Do you think you could humor me?

thanks for your work on this ariel! to be fair, the title of the ticket is "snaphot1004 running dumps very slowly", not "wiktionary/(insert other project name) db dumps not available".

But other end-user items were subsumed into this one.

Of course, I appreciate the attention and effort and expect the final results to be everything the ArielGlenn has indicated.

What were the other end-user items? I only looked at the memory use issue.

one end-user related thing i've noticed is that the multistream dumps are still missing: http://dumps.wikimedia.org/enwiktionary/20150602/

That's because the last "stage" of dumps is running across all wikis now. As you see by looking at the index page, projects are changing from "partial dump" to "dump complete". I guess it will be another day or two before it gets to en wiktionary. But was this part of the original ticket?

I've filled this one at the end of May, related to skwiki:
https://phabricator.wikimedia.org/T100877, with I believe was related to
this issue. Not that it has gained any attention at all... :)

Indeed you are right. I've responded on that ticket; if there is more information you need, please ask there, I've claimed it though it's marked resolved.

I suppose that I thought that the incomplete May dumps, eg, no pages-articles dump or enwikt should have been a red flag.

Next time there is such a failure, should just put in a task? Is there something else I should do?

A task assigned to me is great; it may be something I know about, in which case I can explain it (as in this case), or it may be something I missed (hopefully not!) and need to investigate. Thanks! If you don't see a response on a ticket after about a week, feel free to hunt me down in irc and leave me a message there (user name "apergos").

re multistream, no, don't think it was part of the original ticket, just strange that these now get generated almost a week after the initial files, that's why it looked "broken" to me.

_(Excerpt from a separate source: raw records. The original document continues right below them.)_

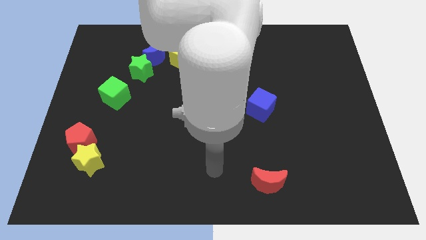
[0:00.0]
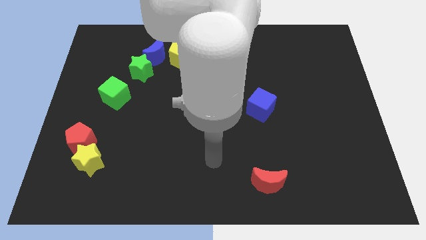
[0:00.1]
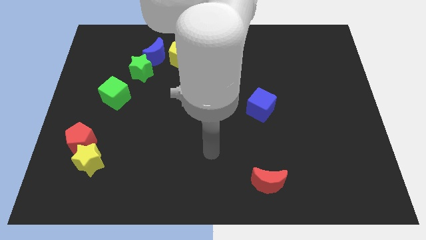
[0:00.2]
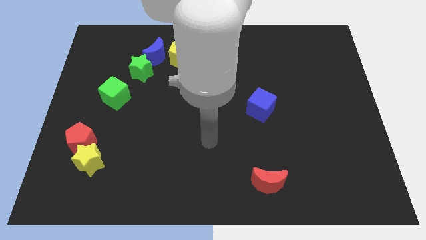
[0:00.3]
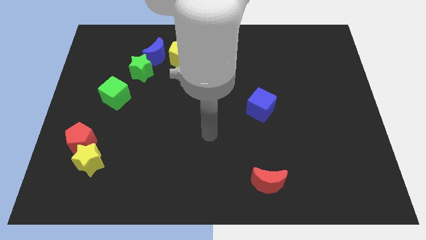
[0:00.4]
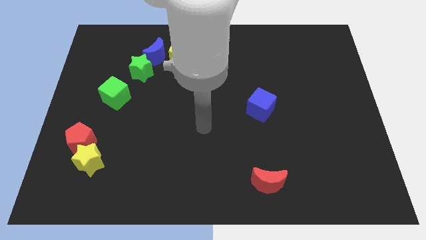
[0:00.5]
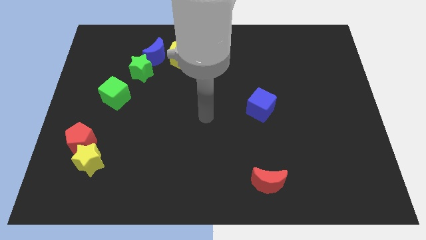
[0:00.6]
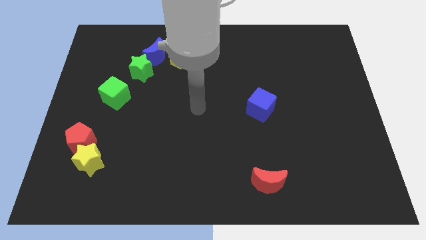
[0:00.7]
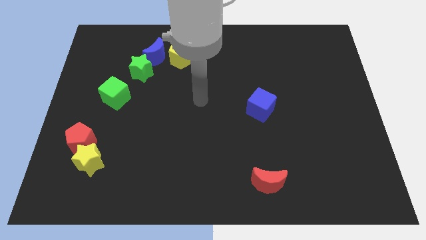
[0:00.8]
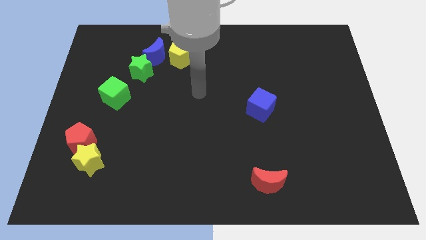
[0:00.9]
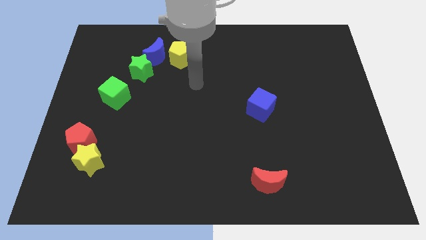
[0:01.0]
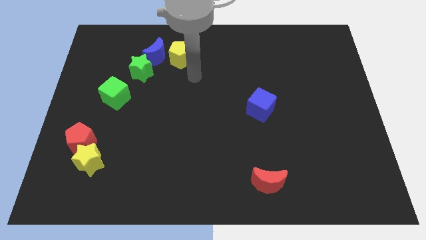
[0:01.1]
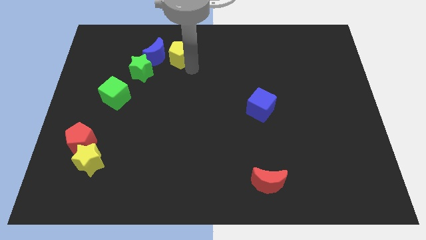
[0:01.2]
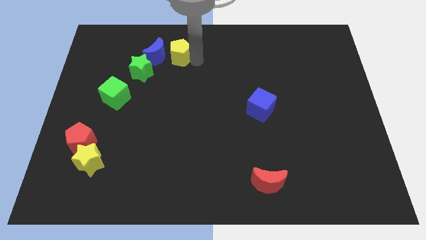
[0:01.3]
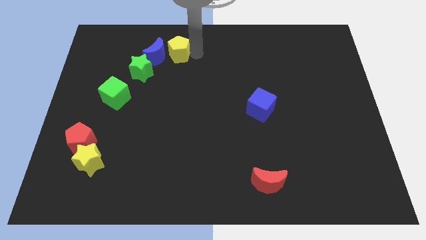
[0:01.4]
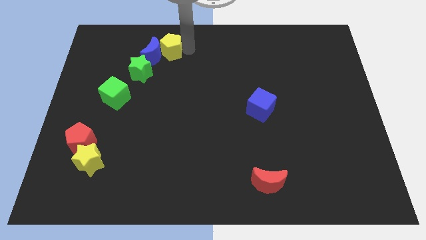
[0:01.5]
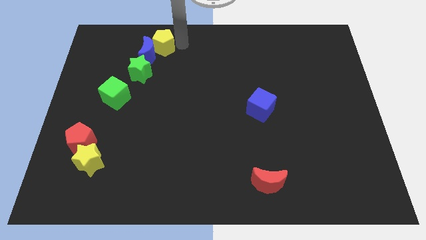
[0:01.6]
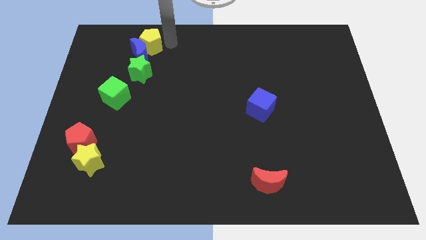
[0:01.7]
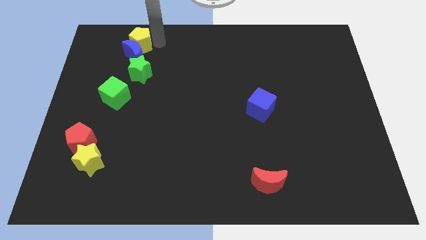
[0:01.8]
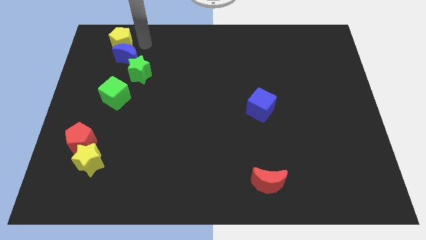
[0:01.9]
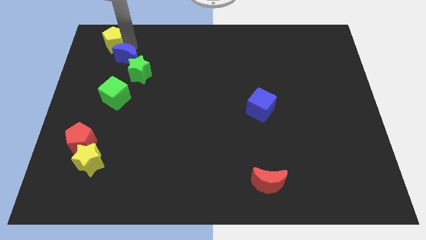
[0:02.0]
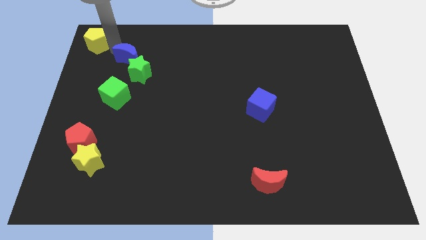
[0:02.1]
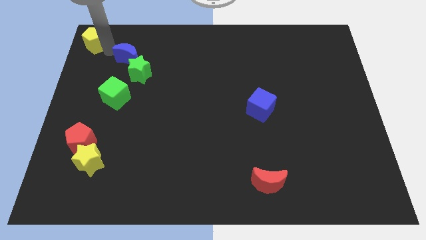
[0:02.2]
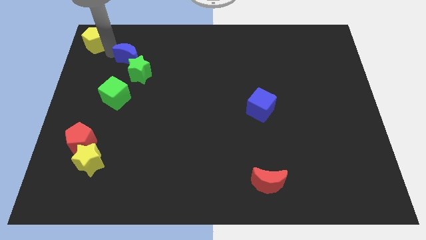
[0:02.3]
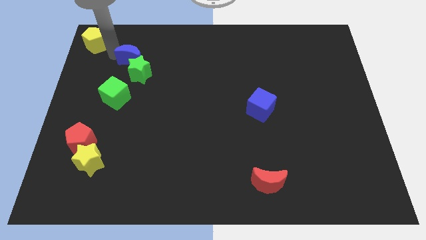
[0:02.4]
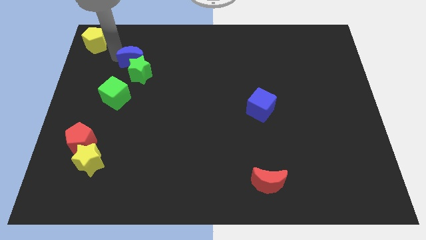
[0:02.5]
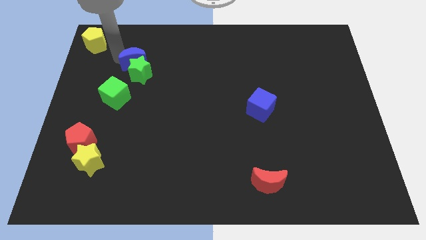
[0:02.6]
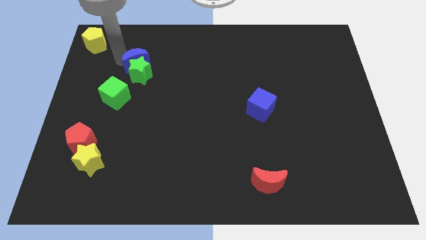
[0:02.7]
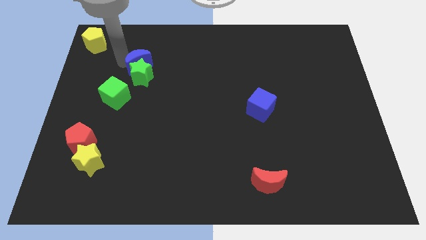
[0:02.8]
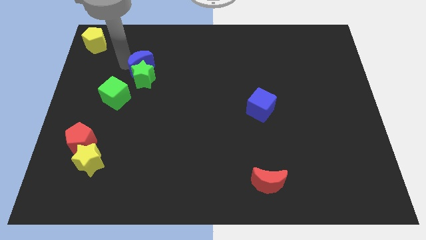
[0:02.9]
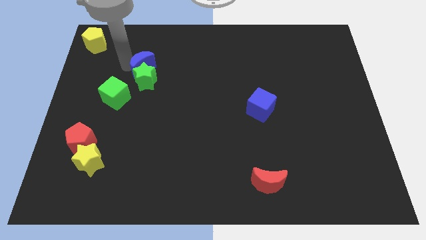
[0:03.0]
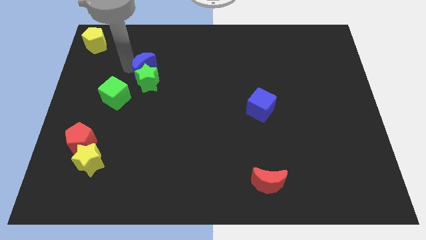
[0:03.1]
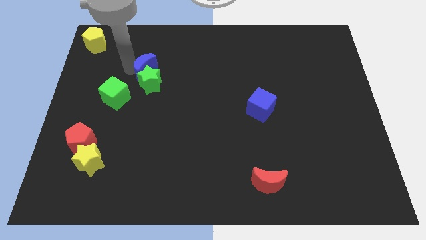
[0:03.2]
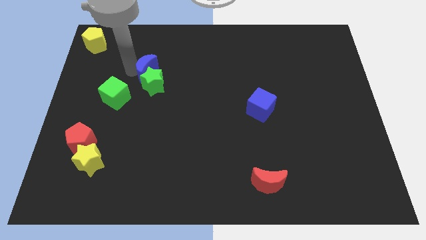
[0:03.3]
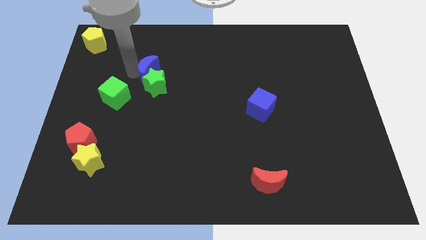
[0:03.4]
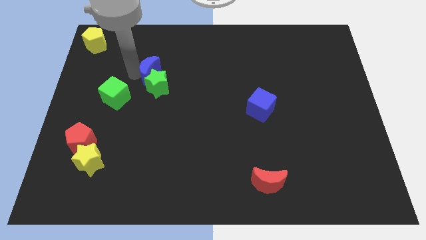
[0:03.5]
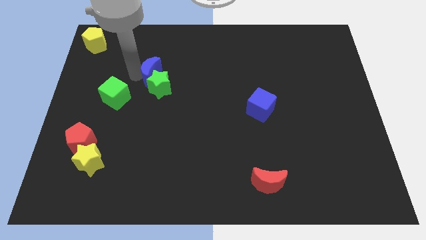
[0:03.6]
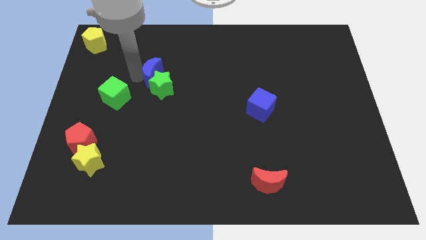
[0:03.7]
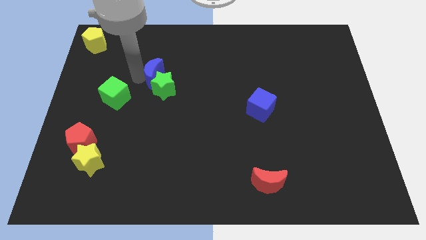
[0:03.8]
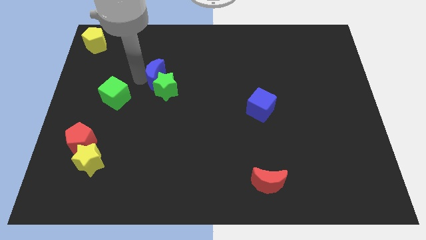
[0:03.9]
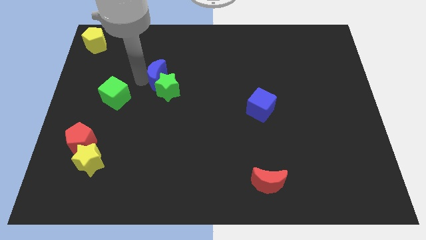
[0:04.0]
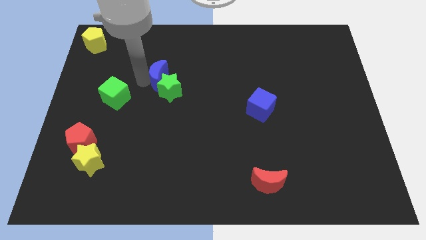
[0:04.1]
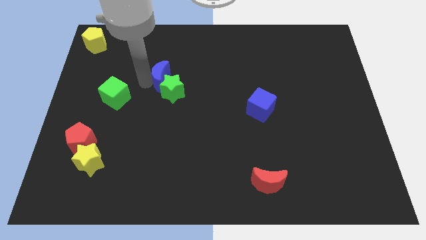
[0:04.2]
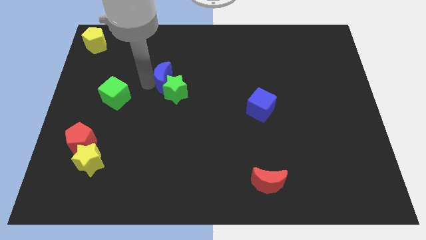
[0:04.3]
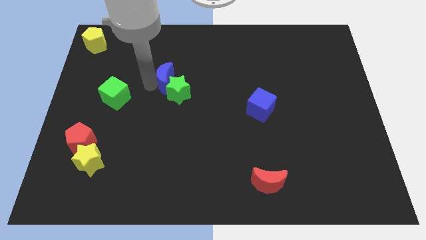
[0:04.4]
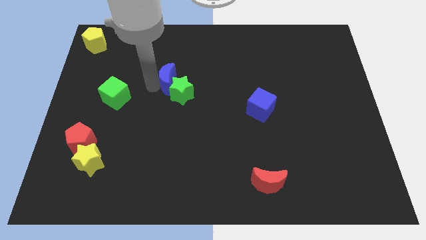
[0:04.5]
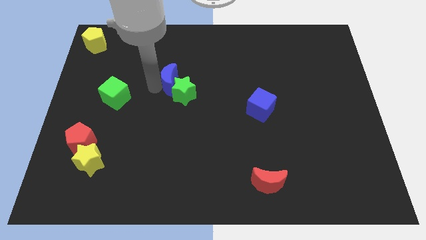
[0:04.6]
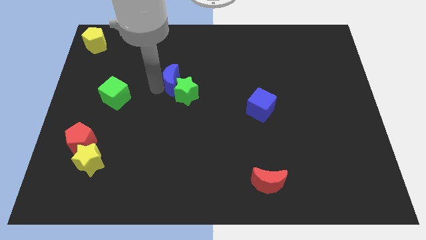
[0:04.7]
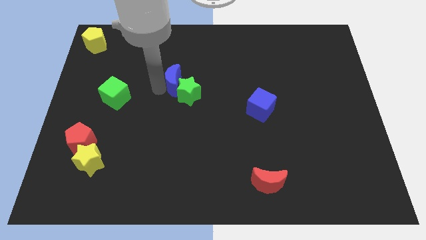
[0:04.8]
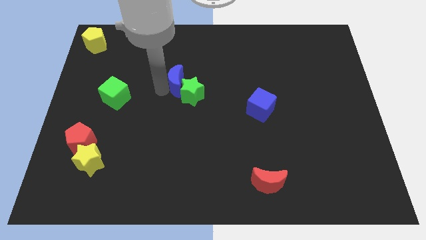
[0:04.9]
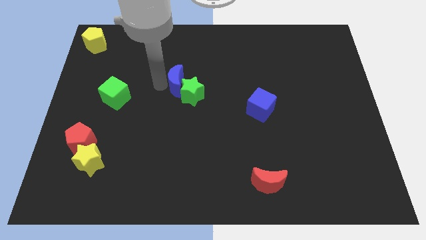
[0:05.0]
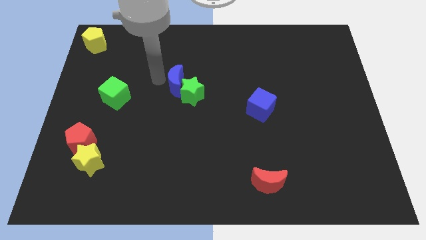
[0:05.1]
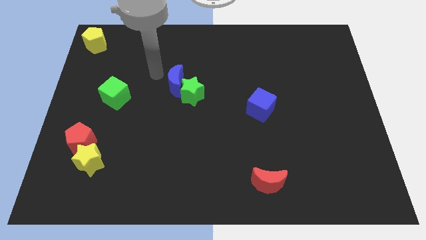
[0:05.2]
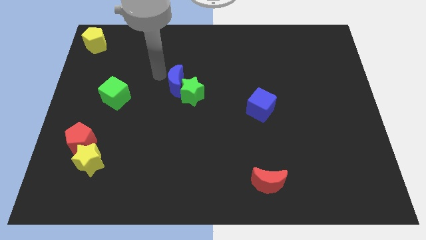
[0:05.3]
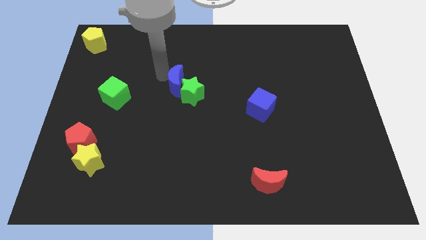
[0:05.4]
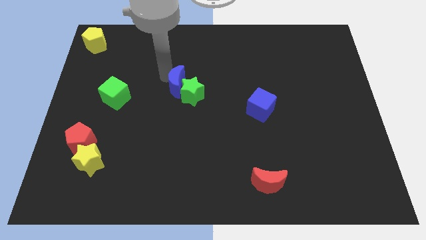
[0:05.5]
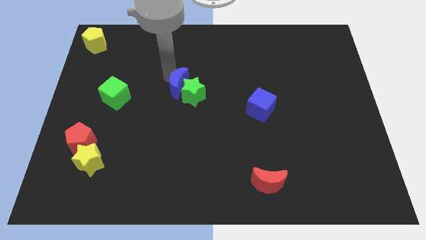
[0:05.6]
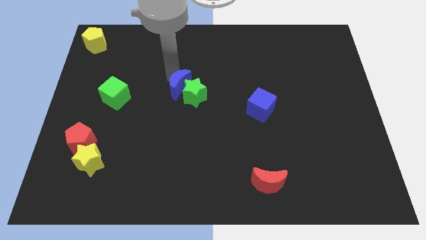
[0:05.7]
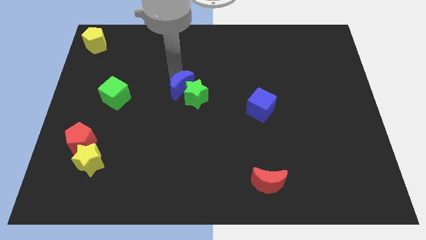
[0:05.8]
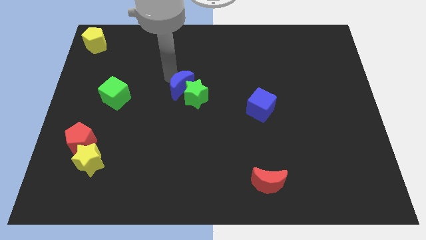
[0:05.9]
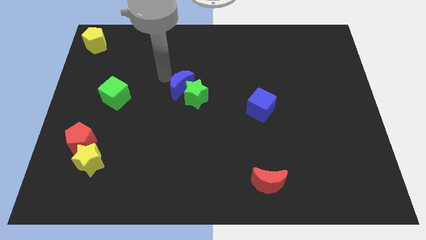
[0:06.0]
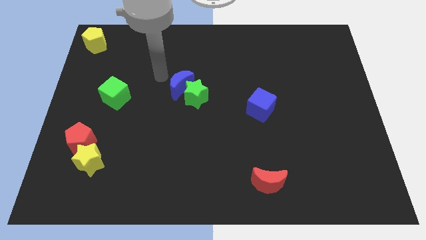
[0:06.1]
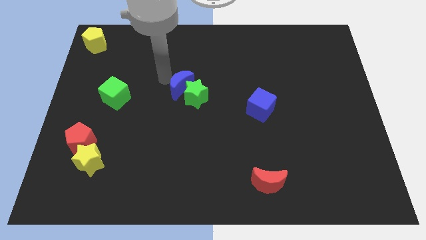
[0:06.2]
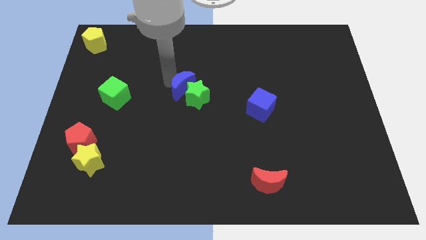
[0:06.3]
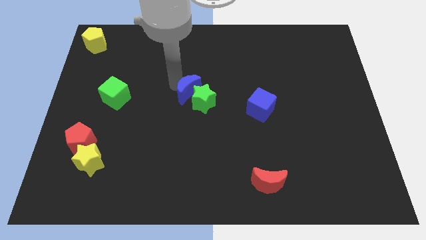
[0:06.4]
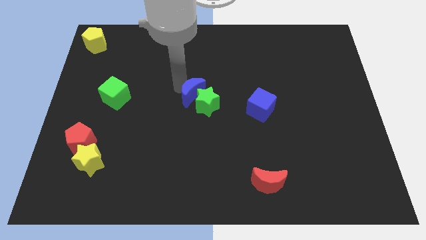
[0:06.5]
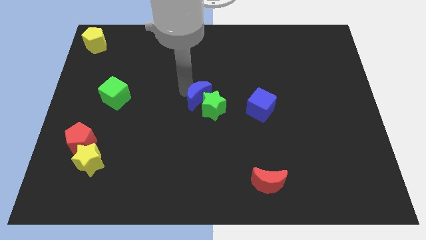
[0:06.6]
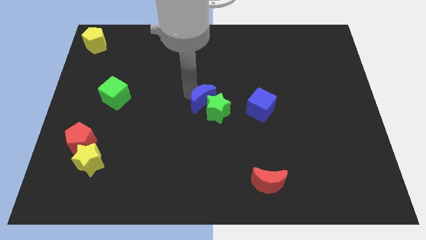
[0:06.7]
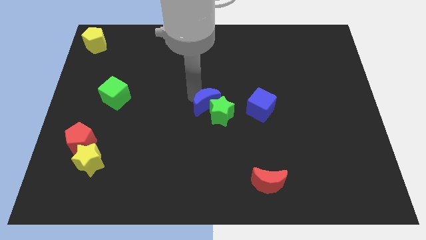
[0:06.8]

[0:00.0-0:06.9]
move the blue moon down and to the right

ok, looks like the full wiktionary dump has successfully completed now. do you expect future dumps will also have this 10 day window from start to finish? seems rather long.

Just a few more bid wikis to go before we can declare victory, at least in the battle, if not the war.

This schedule for running the dumps makes them a little (about a week for enwikt) more stale than they used by the time they are finished. Are there capacity/efficiency/reliability gains that offset the staleness?

This schedule for running the dumps makes them a little (about a week for enwikt) more stale than they used by the time they are finished. Are there capacity/efficiency/reliability gains that offset the staleness?

Not to disregard the value of your question, but - with all due respect - it again shows why this task should be kept on topic. That topic is (as already pointed out above by @jberkel) the problem described in the task description: That two particular scripts on one server (snapshot1004) were running slow due to a memory leak. I don't see a reason to doubt @ArielGlenn's statement that this memory leak has been fixed, so I'm going to close this now.

The question you are asking was discussed in T89273: Produce stub dumps for all wikis as soon as a new month starts, then generate all other dumps on second round-robin cycle. Feel free to weigh in there, and open new tasks for other issues such as missing dumps for a particular project.